Accommodation dramas aside, Vanua Levu itself is fabulous, and gives an insight into what Fiji was like a few decades ago. There is stunning scenery, particularly through the mountain range which crosses the centre of the island. The town of Lambasa, which is predominantly Indian, is well worth a visit. We did a guided walk to a gorgeous waterfall (with my husband carrying a three year old on his hip the whole way). While I reached the waterfall pleasantly tired and ready for a quick dip, he spent the next few days letting his exhausted arms recover from the experience.
We found the Fijian people incredibly friendly, and always interested in our small daughter. She was offered food, drinks and conversation everywhere she went and it was only at the end of the trip that she seemed to tire of having her cheeks squeezed! She dealt with this in her own way, by pulling her sunhat completely over her face at the sight of any approaching locals. She loved riding on the local buses, and we found that $1.50 worth of bus fares can entertain a child for an hour or more. We ate mostly in small cafes with the locals rather than spending our money on resort meals that were really outside our budget.

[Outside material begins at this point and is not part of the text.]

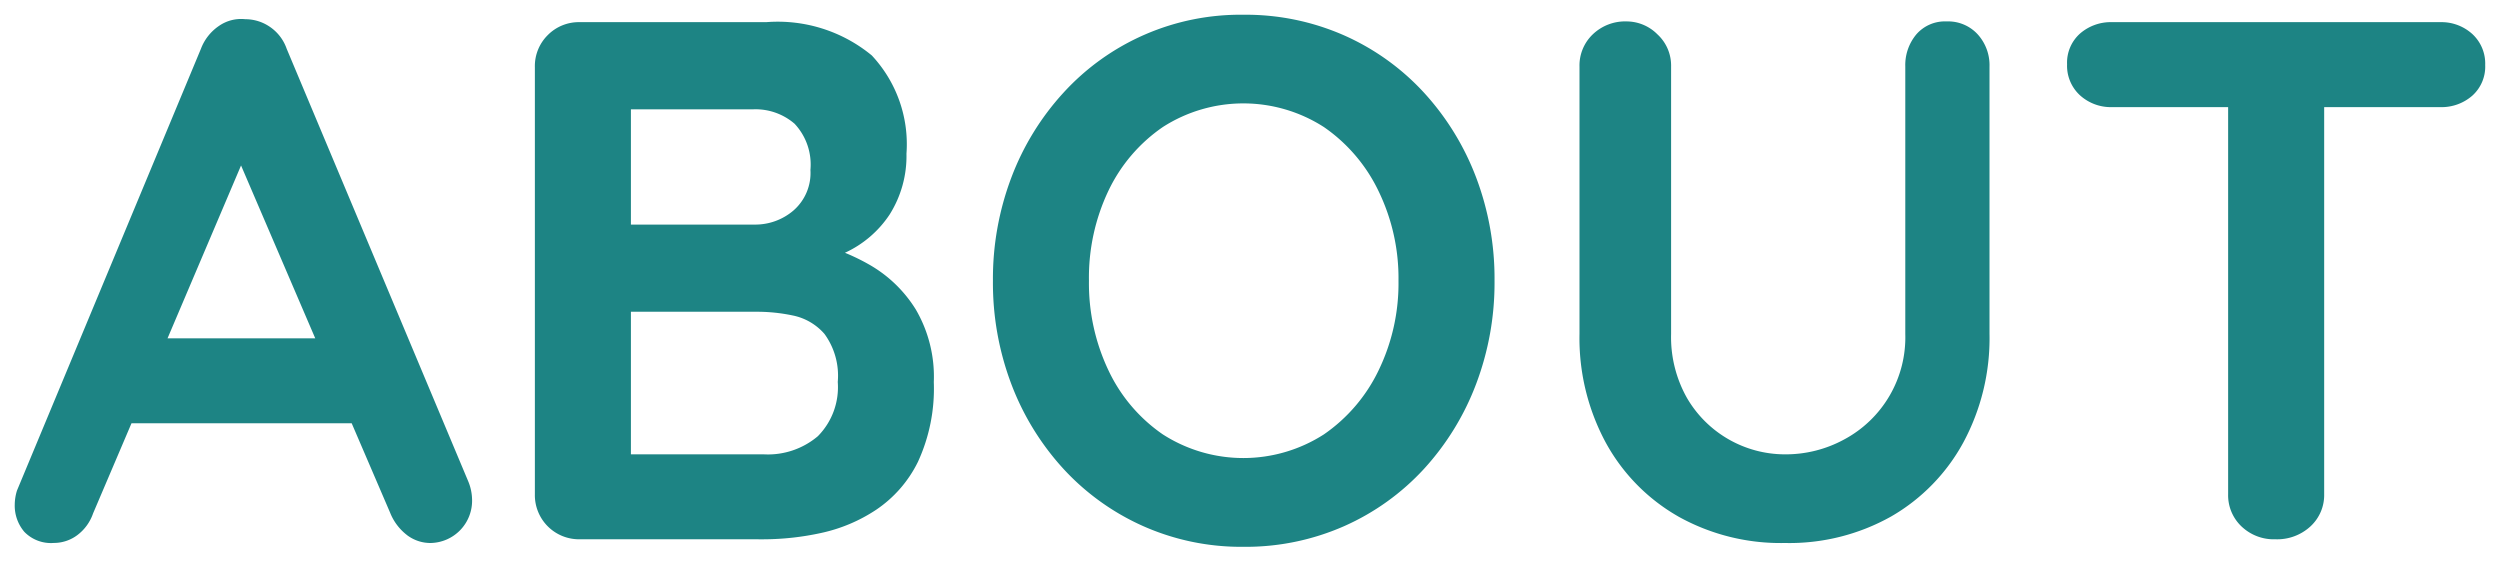 <svg xmlns="http://www.w3.org/2000/svg" width="84.6" height="19" viewBox="0 0 84.6 19"><g transform="translate(-921.45 -1535.033)"><path d="M38.125,10.832A8.193,8.193,0,0,1,35.438,8.9a8.909,8.909,0,0,1-1.762-2.863,9.667,9.667,0,0,1-.625-3.5,9.667,9.667,0,0,1,.625-3.5A8.9,8.9,0,0,1,35.438-3.83a8.106,8.106,0,0,1,6.088-2.638,8.248,8.248,0,0,1,3.413.7,8.15,8.15,0,0,1,2.7,1.938A8.921,8.921,0,0,1,49.4-.968a9.667,9.667,0,0,1,.625,3.5,9.667,9.667,0,0,1-.625,3.5A8.925,8.925,0,0,1,47.638,8.9a8.16,8.16,0,0,1-2.7,1.937,8.248,8.248,0,0,1-3.413.7A8.159,8.159,0,0,1,38.125,10.832ZM36.962,5.57A5.437,5.437,0,0,0,38.8,7.733a5.041,5.041,0,0,0,5.45,0A5.529,5.529,0,0,0,46.1,5.57a6.747,6.747,0,0,0,.675-3.038A6.747,6.747,0,0,0,46.1-.5,5.529,5.529,0,0,0,44.25-2.668a5.041,5.041,0,0,0-5.45,0,5.455,5.455,0,0,0-1.838,2.15,6.842,6.842,0,0,0-.662,3.05A6.862,6.862,0,0,0,36.962,5.57Zm19.275,4.937a6.415,6.415,0,0,1-2.45-2.5A7.442,7.442,0,0,1,52.9,4.333v-9.05a1.454,1.454,0,0,1,.45-1.088,1.581,1.581,0,0,1,1.15-.437,1.472,1.472,0,0,1,1.037.437A1.435,1.435,0,0,1,56-4.717v9.05A4.186,4.186,0,0,0,56.537,6.5,3.84,3.84,0,0,0,59.85,8.408a4.134,4.134,0,0,0,2-.5,3.917,3.917,0,0,0,2.075-3.575v-9.05A1.616,1.616,0,0,1,64.3-5.805a1.28,1.28,0,0,1,1.025-.437,1.355,1.355,0,0,1,1.05.437,1.553,1.553,0,0,1,.4,1.088v9.05a7.442,7.442,0,0,1-.887,3.675,6.439,6.439,0,0,1-2.437,2.5,7.035,7.035,0,0,1-3.6.9A7.105,7.105,0,0,1,56.237,10.508Zm-43.024.625a1.785,1.785,0,0,1-.562-.751l-1.3-3.025H3.9l-1.3,3.05a1.546,1.546,0,0,1-.537.738,1.32,1.32,0,0,1-.788.262,1.254,1.254,0,0,1-1-.374,1.364,1.364,0,0,1-.326-.925,1.641,1.641,0,0,1,.076-.475L6.25-5.317a1.632,1.632,0,0,1,.613-.775,1.309,1.309,0,0,1,.887-.225,1.469,1.469,0,0,1,.838.262,1.486,1.486,0,0,1,.563.738L15.3,9.333a1.671,1.671,0,0,1,.125.6,1.43,1.43,0,0,1-1.4,1.475A1.312,1.312,0,0,1,13.213,11.133Zm-3.095-6.65L7.607-1.368,5.119,4.483ZM75.3,10.845a1.453,1.453,0,0,1-.45-1.087v-13.1H70.925a1.553,1.553,0,0,1-1.088-.4,1.355,1.355,0,0,1-.437-1.05,1.318,1.318,0,0,1,.437-1.038,1.581,1.581,0,0,1,1.088-.387h11.1a1.552,1.552,0,0,1,1.087.4,1.358,1.358,0,0,1,.437,1.05,1.318,1.318,0,0,1-.437,1.038,1.58,1.58,0,0,1-1.087.387H78.1v13.1a1.438,1.438,0,0,1-.463,1.087,1.66,1.66,0,0,1-1.188.437A1.58,1.58,0,0,1,75.3,10.845Zm-56.226.437A1.494,1.494,0,0,1,17.55,9.758V-4.693a1.476,1.476,0,0,1,.437-1.087,1.476,1.476,0,0,1,1.087-.437h6.3A5,5,0,0,1,28.95-5.092a4.395,4.395,0,0,1,1.175,3.325A3.707,3.707,0,0,1,29.55.3a3.632,3.632,0,0,1-1.507,1.287A7.02,7.02,0,0,1,28.887,2a4.432,4.432,0,0,1,1.55,1.5,4.511,4.511,0,0,1,.613,2.462,5.921,5.921,0,0,1-.537,2.7A4.164,4.164,0,0,1,29.1,10.283a5.439,5.439,0,0,1-1.875.788,9.226,9.226,0,0,1-1.925.212ZM25.3,8.408a2.612,2.612,0,0,0,1.825-.613A2.356,2.356,0,0,0,27.8,5.958a2.4,2.4,0,0,0-.45-1.625,1.925,1.925,0,0,0-1.076-.625,5.862,5.862,0,0,0-1.149-.125H20.8V8.408ZM25,.633A1.985,1.985,0,0,0,26.3.157a1.681,1.681,0,0,0,.575-1.375,2.016,2.016,0,0,0-.537-1.562,2.021,2.021,0,0,0-1.413-.487H20.8v3.9Z" transform="translate(922 1542)" fill="#1d8484"/><path d="M41.525,12.033a8.61,8.61,0,0,1-6.456-2.8,9.451,9.451,0,0,1-1.861-3.022,10.211,10.211,0,0,1-.659-3.68,10.21,10.21,0,0,1,.659-3.68A9.443,9.443,0,0,1,35.07-4.168a8.606,8.606,0,0,1,6.456-2.8,8.783,8.783,0,0,1,3.617.744,8.684,8.684,0,0,1,2.864,2.056,9.456,9.456,0,0,1,1.861,3.021,10.211,10.211,0,0,1,.658,3.68,10.21,10.21,0,0,1-.658,3.68,9.464,9.464,0,0,1-1.861,3.022,8.694,8.694,0,0,1-2.864,2.055A8.782,8.782,0,0,1,41.525,12.033Zm0-18a7.606,7.606,0,0,0-5.72,2.476,8.447,8.447,0,0,0-1.664,2.7,9.215,9.215,0,0,0-.592,3.321,9.215,9.215,0,0,0,.592,3.321,8.455,8.455,0,0,0,1.664,2.7,7.61,7.61,0,0,0,5.72,2.475,7.79,7.79,0,0,0,3.208-.656A7.7,7.7,0,0,0,47.27,8.557a8.468,8.468,0,0,0,1.663-2.7,9.216,9.216,0,0,0,.591-3.321,9.215,9.215,0,0,0-.591-3.321,8.46,8.46,0,0,0-1.664-2.7,7.689,7.689,0,0,0-2.536-1.82A7.79,7.79,0,0,0,41.525-5.967ZM59.85,11.908a7.633,7.633,0,0,1-3.862-.967A6.936,6.936,0,0,1,53.35,8.25a7.969,7.969,0,0,1-.95-3.917V-4.717A1.943,1.943,0,0,1,53-6.164a2.071,2.071,0,0,1,1.5-.579,1.962,1.962,0,0,1,1.381.574A1.924,1.924,0,0,1,56.5-4.717V4.333a3.715,3.715,0,0,0,.468,1.909A3.34,3.34,0,0,0,59.85,7.908a3.657,3.657,0,0,0,1.762-.44,3.518,3.518,0,0,0,1.315-1.239,3.5,3.5,0,0,0,.5-1.9V-4.717A2.109,2.109,0,0,1,63.92-6.13a1.788,1.788,0,0,1,1.405-.612,1.842,1.842,0,0,1,1.419.6,2.044,2.044,0,0,1,.53,1.425V4.333a7.97,7.97,0,0,1-.95,3.917A6.961,6.961,0,0,1,63.7,10.94,7.56,7.56,0,0,1,59.85,11.908ZM54.5-5.742a1.091,1.091,0,0,0-.8.3.953.953,0,0,0-.3.73V4.333a6.984,6.984,0,0,0,.825,3.432,5.95,5.95,0,0,0,2.262,2.31,6.648,6.648,0,0,0,3.363.833,6.576,6.576,0,0,0,3.349-.832,5.975,5.975,0,0,0,2.251-2.31,6.985,6.985,0,0,0,.825-3.432V-4.717a1.061,1.061,0,0,0-.269-.751.859.859,0,0,0-.681-.275.788.788,0,0,0-.646.263,1.123,1.123,0,0,0-.254.763V4.333a4.48,4.48,0,0,1-.652,2.429,4.506,4.506,0,0,1-1.686,1.585,4.646,4.646,0,0,1-2.237.56,4.339,4.339,0,0,1-3.743-2.158A4.7,4.7,0,0,1,55.5,4.333V-4.717a.935.935,0,0,0-.306-.725A.982.982,0,0,0,54.5-5.742ZM14.025,11.908a1.807,1.807,0,0,1-1.114-.376,2.287,2.287,0,0,1-.722-.955L11.023,7.857H4.228L3.065,10.593a2.04,2.04,0,0,1-.708.957,1.817,1.817,0,0,1-1.082.358A1.731,1.731,0,0,1-.1,11.361,1.855,1.855,0,0,1-.55,10.108a2.146,2.146,0,0,1,.1-.62l.007-.024L5.787-5.507a2.129,2.129,0,0,1,.8-1,1.807,1.807,0,0,1,1.19-.308,1.966,1.966,0,0,1,1.092.347,1.982,1.982,0,0,1,.748.968L15.766,9.152a2.169,2.169,0,0,1,.159.78,1.93,1.93,0,0,1-1.9,1.975ZM3.566,6.857h8.115l1.428,3.328a1.29,1.29,0,0,0,.405.549.817.817,0,0,0,.51.173.909.909,0,0,0,.626-.269.891.891,0,0,0,.275-.706,1.178,1.178,0,0,0-.089-.413L8.681-5.144a.991.991,0,0,0-.374-.5.968.968,0,0,0-.557-.175H7.724l-.026,0a.811.811,0,0,0-.558.144,1.135,1.135,0,0,0-.426.546l0,.005L.5,9.8a1.129,1.129,0,0,0-.048.308.872.872,0,0,0,.2.6.8.8,0,0,0,.622.2.824.824,0,0,0,.5-.167,1.048,1.048,0,0,0,.361-.506l.009-.022ZM76.45,11.782a2.07,2.07,0,0,1-1.5-.579,1.942,1.942,0,0,1-.6-1.446v-12.6H70.925a2.044,2.044,0,0,1-1.425-.53,1.842,1.842,0,0,1-.6-1.419A1.826,1.826,0,0,1,69.506-6.2a2.074,2.074,0,0,1,1.42-.513h11.1a2.043,2.043,0,0,1,1.424.53,1.845,1.845,0,0,1,.6,1.419,1.826,1.826,0,0,1-.606,1.412,2.072,2.072,0,0,1-1.419.513H78.6v12.6a1.926,1.926,0,0,1-.619,1.45A2.152,2.152,0,0,1,76.45,11.782Zm-5.524-17.5a1.089,1.089,0,0,0-.757.261.823.823,0,0,0-.269.663.859.859,0,0,0,.275.681,1.061,1.061,0,0,0,.751.269H75.35v13.6a.952.952,0,0,0,.3.728,1.09,1.09,0,0,0,.8.3,1.17,1.17,0,0,0,.845-.3.936.936,0,0,0,.306-.724v-13.6h4.425a1.088,1.088,0,0,0,.756-.261.823.823,0,0,0,.269-.663.861.861,0,0,0-.275-.682,1.059,1.059,0,0,0-.749-.268ZM25.3,11.782H19.075A1.994,1.994,0,0,1,17.05,9.758V-4.693a1.966,1.966,0,0,1,.584-1.441,1.966,1.966,0,0,1,1.441-.584h6.3A5.5,5.5,0,0,1,29.3-5.454a4.887,4.887,0,0,1,1.329,3.686A4.214,4.214,0,0,1,29.969.567a3.884,3.884,0,0,1-.891.962l.058.033a4.946,4.946,0,0,1,1.723,1.666,5.017,5.017,0,0,1,.691,2.731,6.433,6.433,0,0,1-.592,2.928A4.675,4.675,0,0,1,29.374,10.7a5.963,5.963,0,0,1-2.046.859A9.767,9.767,0,0,1,25.3,11.782Zm-6.225-17.5a.974.974,0,0,0-.734.291.974.974,0,0,0-.291.734V9.758a.995.995,0,0,0,1.025,1.025H25.3a8.768,8.768,0,0,0,1.821-.2,4.968,4.968,0,0,0,1.7-.716A3.689,3.689,0,0,0,30.068,8.43a5.466,5.466,0,0,0,.482-2.472,4.048,4.048,0,0,0-.535-2.194,3.958,3.958,0,0,0-1.377-1.335,6.552,6.552,0,0,0-.785-.384l-1.039-.423,1.01-.49A3.157,3.157,0,0,0,29.13.023a3.189,3.189,0,0,0,.495-1.791A3.942,3.942,0,0,0,28.6-4.731a4.56,4.56,0,0,0-3.23-.986Zm22.45,14.75a5.239,5.239,0,0,1-3.006-.887,5.955,5.955,0,0,1-2.006-2.357A7.388,7.388,0,0,1,35.8,2.533a7.367,7.367,0,0,1,.713-3.27,5.974,5.974,0,0,1,2.005-2.343,5.54,5.54,0,0,1,6.013,0A6.049,6.049,0,0,1,46.548-.727a7.273,7.273,0,0,1,.727,3.26,7.272,7.272,0,0,1-.727,3.26,6.048,6.048,0,0,1-2.016,2.354A5.244,5.244,0,0,1,41.525,9.033Zm0-12a4.258,4.258,0,0,0-2.444.713A4.985,4.985,0,0,0,37.411-.3a6.377,6.377,0,0,0-.611,2.83,6.4,6.4,0,0,0,.612,2.819,4.967,4.967,0,0,0,1.67,1.968,4.258,4.258,0,0,0,2.444.713,4.205,4.205,0,0,0,2.444-.714,5.06,5.06,0,0,0,1.683-1.971,6.283,6.283,0,0,0,.623-2.815,6.283,6.283,0,0,0-.623-2.816,5.061,5.061,0,0,0-1.683-1.972A4.2,4.2,0,0,0,41.525-2.968ZM25.3,8.908h-5V3.083h4.825a6.392,6.392,0,0,1,1.248.135A2.421,2.421,0,0,1,27.722,4a2.831,2.831,0,0,1,.578,1.96,2.839,2.839,0,0,1-.839,2.207A3.1,3.1,0,0,1,25.3,8.908Zm-4-1h4a2.117,2.117,0,0,0,1.489-.483A1.872,1.872,0,0,0,27.3,5.958a1.994,1.994,0,0,0-.322-1.291,1.424,1.424,0,0,0-.8-.469,5.4,5.4,0,0,0-1.052-.116H21.3ZM10.877,4.983H4.363L7.6-2.641Zm-5-1H9.36L7.609-.1ZM25,1.133H20.3v-4.9h4.625a2.514,2.514,0,0,1,1.749.617,2.492,2.492,0,0,1,.7,1.933A2.165,2.165,0,0,1,26.618.543,2.483,2.483,0,0,1,25,1.133Zm-3.7-1H25a1.487,1.487,0,0,0,.981-.361,1.2,1.2,0,0,0,.394-.99A1.568,1.568,0,0,0,26-2.41a1.53,1.53,0,0,0-1.077-.357H21.3Z" transform="translate(922 1542)" fill="rgba(0,0,0,0)"/></g></svg>

There is a range of good Indian food readily available, ($3-5 each for lunch and $8-10 for a dinner).
There is a vast difference in safety standards between Australia and Fiji. Most taxis don’t have seat belts in the back seats, no one has heard of a child car seat, and pools are unfenced. Boat travel should be carefully researched, and the rule about ‘getting what you pay for’ often applies. Good medical care is hard to find, and travel insurance is a must. With a small child, check the drawers and cupboards in your room – move sharp knives, mosquito coils, toilet cleaners and matches out of reach. Check doors, windows and balcony railings, and know where your small explorer will end up if they escape out the door. We discovered it is well worth emptying travel bags out completely before departing for a return journey home, as we found scraps of food and chunks of coral that our daughter had stashed in them without us noticing. We could just imagine the scene that would have caused at customs in Melbourne!
Worth a visit:
Garden of the Sleeping Giant – beautiful and extensive orchid garden close to Nadi. Established by actor Raymond Burr in the 1970’s, it now houses Fiji’s largest collection of orchids.
Kula Eco Park – conservation and wildlife park which is Fiji’s only facility for breeding endangered species. 5 mins east of Sigatoka. See hornbill turtles, crested iguanas and a range of bird species.
A trip to an island – this is probably your only chance to see a beach like the ones in the pictures! There are many day trips from Nadi, and some islands have accommodation allowing for longer visits.